En 1944, Estados Unidos y Gran Bretaña habrían podido poner al régimen de Franco contra las cuerdas, conscientes de que había seguido suministrando durante toda la guerra a la Alemania nazi metales cruciales de gran calidad —en especial el tungsteno o wolframio, el metal endurecedor del acero que se utilizaba en corazas, blindajes y herramientas—, mientras engatusaba a Gran Bretaña con material de peor calidad. Por muy agradecido que pudiera estar Churchill a Franco, Rankin cree que “también entraron en juego los prejuicios del viejo aristócrata inglés contra la izquierda”. Churchill “aplastó las esperanzas de todos —vascos, catalanes y monárquicos, entre otros— los que soñaban con que una victoria aliada pudiera extenderse a la Península Ibérica”. El 24 de mayo de 1944, 15 días antes del desembarco del Día D, en un discurso ante la Cámara de los Comunes en el que tocó muchos temas, Churchill dijo que no sentía “ninguna simpatía hacia quienes piensan que es inteligente e incluso divertido insultar y condenar al Gobierno de España cuando surge la ocasión”. Por su parte, Estados Unidos dejó de enviar petróleo a España para obligar al régimen a cortar el suministro de wolframio a la Alemania nazi. Churchill autorizó que se reanudara el abastecimiento y que España siguiera enviando wolframio a Alemania “con la mezquina esperanza de obtener alguna ventaja comercial para Reino Unido después de la guerra”. Lo que los estadounidenses denominaron el “apaciguamiento” de Winston Churchill no fue uno de sus mejores momentos.
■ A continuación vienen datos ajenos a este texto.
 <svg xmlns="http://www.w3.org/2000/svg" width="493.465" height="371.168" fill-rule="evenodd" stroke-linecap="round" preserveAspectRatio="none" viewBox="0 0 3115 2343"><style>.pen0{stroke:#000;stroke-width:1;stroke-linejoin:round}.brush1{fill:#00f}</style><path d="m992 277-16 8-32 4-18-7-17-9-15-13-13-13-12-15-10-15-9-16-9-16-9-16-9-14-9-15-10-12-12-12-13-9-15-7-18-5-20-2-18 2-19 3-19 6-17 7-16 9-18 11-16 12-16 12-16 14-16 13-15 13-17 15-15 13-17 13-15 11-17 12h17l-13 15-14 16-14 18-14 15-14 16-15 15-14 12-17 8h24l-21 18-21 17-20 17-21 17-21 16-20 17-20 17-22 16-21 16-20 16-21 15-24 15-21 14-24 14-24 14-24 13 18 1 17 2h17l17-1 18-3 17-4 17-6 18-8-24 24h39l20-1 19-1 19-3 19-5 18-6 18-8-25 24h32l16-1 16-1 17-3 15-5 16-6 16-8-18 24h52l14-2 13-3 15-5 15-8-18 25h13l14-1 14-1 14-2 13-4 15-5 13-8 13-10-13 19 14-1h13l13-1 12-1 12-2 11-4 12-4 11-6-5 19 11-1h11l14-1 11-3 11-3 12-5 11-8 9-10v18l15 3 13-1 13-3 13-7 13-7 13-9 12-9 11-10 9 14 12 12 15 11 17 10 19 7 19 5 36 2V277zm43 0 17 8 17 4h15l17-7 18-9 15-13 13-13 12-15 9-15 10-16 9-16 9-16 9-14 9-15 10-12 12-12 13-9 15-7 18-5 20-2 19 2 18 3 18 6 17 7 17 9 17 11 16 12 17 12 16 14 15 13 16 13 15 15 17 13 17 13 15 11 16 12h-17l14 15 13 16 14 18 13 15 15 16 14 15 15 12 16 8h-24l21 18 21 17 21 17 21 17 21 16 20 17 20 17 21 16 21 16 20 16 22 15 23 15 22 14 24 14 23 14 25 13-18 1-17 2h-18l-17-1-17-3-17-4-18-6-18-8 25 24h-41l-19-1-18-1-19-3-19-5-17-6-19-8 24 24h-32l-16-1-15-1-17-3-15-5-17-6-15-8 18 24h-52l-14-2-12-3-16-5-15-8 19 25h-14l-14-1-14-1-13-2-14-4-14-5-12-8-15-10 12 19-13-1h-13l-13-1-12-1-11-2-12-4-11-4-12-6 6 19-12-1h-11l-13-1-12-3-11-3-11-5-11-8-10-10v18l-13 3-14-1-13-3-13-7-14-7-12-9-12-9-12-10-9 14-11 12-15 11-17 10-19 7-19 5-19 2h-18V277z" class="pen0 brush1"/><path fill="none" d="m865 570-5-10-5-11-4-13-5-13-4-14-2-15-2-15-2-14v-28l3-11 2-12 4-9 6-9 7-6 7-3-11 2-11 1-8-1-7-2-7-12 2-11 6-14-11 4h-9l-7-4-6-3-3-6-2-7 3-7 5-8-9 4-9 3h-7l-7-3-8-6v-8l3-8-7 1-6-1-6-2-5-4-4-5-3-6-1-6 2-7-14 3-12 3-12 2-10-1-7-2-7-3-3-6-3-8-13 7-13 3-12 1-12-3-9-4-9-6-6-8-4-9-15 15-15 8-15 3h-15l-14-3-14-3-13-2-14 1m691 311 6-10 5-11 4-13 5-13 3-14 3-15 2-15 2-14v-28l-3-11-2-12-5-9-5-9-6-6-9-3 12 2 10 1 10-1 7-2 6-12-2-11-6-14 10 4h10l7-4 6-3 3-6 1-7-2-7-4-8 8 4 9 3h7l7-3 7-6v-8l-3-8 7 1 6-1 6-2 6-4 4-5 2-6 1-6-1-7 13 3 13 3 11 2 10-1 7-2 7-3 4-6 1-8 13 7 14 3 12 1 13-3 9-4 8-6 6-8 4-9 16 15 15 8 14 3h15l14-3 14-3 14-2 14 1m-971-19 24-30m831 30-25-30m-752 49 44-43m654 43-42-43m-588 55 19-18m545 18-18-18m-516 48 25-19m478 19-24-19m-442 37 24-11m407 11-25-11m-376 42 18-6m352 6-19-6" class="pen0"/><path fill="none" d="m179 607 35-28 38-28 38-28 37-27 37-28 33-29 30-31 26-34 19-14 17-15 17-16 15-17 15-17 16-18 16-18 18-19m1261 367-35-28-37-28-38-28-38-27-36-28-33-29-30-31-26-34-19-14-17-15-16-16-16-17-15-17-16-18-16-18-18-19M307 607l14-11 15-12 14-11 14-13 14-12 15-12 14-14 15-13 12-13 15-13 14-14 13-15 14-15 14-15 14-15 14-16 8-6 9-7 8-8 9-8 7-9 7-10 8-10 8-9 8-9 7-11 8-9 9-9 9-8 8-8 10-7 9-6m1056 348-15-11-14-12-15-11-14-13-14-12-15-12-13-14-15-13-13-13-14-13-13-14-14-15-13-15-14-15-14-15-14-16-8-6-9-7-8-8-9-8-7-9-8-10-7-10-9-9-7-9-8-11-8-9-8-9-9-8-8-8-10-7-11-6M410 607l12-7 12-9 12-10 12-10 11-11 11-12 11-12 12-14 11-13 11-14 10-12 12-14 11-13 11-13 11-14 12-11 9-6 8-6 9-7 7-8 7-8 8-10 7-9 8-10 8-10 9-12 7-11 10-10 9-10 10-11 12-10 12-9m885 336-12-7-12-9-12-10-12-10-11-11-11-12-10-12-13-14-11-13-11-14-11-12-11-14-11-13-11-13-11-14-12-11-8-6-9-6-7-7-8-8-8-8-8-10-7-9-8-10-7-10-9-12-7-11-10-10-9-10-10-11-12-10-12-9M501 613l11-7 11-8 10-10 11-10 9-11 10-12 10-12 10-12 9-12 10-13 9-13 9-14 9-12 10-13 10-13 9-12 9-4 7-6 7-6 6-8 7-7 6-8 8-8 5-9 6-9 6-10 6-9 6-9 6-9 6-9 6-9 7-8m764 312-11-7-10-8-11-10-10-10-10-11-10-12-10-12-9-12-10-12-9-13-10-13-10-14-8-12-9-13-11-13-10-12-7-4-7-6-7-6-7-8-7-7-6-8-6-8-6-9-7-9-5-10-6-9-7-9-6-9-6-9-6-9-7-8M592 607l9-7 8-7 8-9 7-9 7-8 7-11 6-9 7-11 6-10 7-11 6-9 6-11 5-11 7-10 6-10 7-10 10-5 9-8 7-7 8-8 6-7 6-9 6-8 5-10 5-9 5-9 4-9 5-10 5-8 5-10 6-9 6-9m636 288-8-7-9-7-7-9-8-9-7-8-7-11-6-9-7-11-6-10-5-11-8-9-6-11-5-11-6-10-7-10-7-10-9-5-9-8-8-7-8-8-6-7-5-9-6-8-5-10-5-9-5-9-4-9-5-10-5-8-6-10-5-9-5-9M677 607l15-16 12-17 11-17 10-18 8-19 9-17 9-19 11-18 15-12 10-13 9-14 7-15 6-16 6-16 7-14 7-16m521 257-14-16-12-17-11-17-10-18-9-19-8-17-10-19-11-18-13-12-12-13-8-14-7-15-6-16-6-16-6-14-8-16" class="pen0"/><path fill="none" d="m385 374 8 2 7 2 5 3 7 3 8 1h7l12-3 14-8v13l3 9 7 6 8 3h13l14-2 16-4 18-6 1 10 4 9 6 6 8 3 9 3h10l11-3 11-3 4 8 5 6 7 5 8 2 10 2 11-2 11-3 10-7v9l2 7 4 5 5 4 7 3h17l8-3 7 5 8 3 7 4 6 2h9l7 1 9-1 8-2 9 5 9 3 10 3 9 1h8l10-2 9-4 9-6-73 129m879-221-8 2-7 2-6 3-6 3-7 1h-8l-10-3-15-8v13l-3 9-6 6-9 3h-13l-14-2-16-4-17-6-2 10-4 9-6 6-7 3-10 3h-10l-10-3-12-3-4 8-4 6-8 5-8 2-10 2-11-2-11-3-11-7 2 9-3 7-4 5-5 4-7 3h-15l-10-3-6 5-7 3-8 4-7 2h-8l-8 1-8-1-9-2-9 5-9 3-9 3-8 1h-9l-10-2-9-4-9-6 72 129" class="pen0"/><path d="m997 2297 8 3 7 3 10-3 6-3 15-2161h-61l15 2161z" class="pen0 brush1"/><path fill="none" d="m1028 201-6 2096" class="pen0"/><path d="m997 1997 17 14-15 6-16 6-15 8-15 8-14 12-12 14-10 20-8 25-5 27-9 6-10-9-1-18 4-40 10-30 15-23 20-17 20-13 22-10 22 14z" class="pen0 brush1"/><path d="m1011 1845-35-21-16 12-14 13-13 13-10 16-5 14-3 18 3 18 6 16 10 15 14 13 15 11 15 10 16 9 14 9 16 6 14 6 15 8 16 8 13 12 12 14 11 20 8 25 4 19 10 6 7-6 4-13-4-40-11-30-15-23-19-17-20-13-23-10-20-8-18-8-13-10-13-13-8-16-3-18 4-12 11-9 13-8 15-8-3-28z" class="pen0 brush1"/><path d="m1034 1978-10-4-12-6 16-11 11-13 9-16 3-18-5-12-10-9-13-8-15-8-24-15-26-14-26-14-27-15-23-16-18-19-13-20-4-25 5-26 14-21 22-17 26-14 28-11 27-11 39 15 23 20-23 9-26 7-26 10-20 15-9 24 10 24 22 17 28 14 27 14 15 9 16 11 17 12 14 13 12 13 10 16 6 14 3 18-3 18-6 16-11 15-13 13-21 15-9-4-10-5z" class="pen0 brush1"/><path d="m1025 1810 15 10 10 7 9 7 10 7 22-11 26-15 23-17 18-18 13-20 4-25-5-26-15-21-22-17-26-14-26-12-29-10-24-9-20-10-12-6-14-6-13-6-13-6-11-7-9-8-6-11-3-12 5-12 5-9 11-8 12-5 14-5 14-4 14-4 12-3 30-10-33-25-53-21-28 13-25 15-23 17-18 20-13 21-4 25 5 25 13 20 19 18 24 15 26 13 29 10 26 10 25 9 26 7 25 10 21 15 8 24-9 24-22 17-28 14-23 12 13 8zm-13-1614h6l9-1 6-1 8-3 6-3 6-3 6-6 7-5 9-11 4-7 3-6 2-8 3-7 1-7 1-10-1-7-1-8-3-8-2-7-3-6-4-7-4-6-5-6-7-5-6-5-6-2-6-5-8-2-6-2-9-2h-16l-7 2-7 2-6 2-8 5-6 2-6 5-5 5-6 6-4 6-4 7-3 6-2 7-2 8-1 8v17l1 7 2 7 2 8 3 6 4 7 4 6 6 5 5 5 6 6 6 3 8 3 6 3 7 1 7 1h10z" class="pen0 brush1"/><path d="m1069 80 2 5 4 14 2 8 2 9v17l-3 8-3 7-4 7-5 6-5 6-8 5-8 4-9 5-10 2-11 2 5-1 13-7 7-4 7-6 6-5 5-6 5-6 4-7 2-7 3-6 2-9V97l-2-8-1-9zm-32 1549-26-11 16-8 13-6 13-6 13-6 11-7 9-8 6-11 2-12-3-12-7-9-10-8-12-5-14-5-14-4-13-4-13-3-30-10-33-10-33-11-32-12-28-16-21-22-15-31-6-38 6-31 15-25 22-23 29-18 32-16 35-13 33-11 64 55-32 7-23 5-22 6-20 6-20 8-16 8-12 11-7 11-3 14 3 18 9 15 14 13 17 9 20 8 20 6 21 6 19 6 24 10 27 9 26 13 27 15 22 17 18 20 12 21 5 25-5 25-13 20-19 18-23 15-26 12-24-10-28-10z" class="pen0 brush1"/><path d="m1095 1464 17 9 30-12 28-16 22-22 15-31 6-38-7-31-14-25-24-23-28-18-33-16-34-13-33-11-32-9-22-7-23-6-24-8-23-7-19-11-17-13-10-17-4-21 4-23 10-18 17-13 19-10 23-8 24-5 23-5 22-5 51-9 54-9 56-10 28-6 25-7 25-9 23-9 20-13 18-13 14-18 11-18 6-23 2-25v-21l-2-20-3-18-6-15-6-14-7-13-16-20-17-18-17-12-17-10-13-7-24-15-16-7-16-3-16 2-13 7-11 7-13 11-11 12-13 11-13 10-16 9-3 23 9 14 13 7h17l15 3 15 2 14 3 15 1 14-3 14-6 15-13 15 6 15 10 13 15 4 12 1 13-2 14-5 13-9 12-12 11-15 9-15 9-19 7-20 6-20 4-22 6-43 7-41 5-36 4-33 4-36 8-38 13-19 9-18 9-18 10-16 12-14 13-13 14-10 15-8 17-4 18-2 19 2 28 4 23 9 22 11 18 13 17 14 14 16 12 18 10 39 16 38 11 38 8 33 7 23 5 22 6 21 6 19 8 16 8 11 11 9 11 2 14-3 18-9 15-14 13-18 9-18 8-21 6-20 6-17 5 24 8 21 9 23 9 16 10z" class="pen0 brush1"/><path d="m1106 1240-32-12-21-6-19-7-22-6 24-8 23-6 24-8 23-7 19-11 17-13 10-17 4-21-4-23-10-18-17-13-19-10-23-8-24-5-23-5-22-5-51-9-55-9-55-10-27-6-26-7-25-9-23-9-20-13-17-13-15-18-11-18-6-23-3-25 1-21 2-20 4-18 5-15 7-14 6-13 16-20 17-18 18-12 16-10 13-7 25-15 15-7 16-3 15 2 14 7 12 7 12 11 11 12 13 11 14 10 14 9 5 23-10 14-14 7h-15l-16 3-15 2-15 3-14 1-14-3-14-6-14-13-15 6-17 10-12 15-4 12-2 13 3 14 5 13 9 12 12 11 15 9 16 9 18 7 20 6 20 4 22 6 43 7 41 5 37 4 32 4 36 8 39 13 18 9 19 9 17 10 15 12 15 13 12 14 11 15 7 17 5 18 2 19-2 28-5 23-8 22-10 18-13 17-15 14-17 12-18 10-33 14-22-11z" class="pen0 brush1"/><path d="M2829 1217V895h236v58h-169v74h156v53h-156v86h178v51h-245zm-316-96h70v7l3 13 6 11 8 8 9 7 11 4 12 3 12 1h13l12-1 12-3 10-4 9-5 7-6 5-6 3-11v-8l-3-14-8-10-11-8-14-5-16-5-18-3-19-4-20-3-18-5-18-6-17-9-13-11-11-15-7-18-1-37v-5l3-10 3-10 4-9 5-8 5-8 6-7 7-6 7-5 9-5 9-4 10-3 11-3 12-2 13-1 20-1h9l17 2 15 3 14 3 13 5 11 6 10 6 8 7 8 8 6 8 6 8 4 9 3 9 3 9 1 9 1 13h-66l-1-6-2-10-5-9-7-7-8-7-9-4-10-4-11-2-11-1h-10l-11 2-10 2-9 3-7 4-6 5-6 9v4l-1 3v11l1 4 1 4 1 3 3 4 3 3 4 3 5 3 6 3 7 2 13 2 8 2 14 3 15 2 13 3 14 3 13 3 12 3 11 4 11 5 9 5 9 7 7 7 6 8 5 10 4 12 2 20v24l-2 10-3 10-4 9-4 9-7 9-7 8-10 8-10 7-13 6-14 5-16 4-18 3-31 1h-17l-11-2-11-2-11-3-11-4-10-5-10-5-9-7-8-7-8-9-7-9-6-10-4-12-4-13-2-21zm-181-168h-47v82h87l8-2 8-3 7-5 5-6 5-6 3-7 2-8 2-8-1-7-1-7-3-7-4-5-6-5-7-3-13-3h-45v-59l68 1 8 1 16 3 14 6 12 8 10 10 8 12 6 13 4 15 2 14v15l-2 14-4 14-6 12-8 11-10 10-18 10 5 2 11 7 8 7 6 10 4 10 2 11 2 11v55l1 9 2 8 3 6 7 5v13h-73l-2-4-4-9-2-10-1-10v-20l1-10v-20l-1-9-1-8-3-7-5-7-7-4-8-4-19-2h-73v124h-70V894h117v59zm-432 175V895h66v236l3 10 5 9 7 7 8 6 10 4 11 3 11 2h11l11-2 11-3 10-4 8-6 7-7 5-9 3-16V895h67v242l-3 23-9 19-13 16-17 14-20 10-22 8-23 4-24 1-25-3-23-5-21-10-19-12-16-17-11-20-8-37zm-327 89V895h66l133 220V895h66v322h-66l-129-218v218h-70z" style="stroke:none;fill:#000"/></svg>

En los primeros años de la guerra, el Mediterráneo estaba dominado por las potencias del Eje. El equilibrio naval de antes del conflicto había sufrido un vuelco, porque dependía de que la armada francesa defendiera la parte occidental y la flota mediterránea británica, con bases en Malta y Alejandría, se ocupase de la parte oriental. Pero, con Francia caída e Italia incorporada al Eje, el enemigo estaba a las puertas. Cuando las tropas alemanas, en noviembre de 1942, invadieron Túnez y empezaron a avanzar hacia Alejandría, dio la impresión de que todo se había terminado. Perder el Canal de Suez y el petróleo de Oriente Medio habría sido una catástrofe, pero Hitler también titubeó en esta cuestión. Gibraltar no fue nunca el punto estratégico fundamental que dice Rankin, pero eso no impide que este sea un libro espléndido.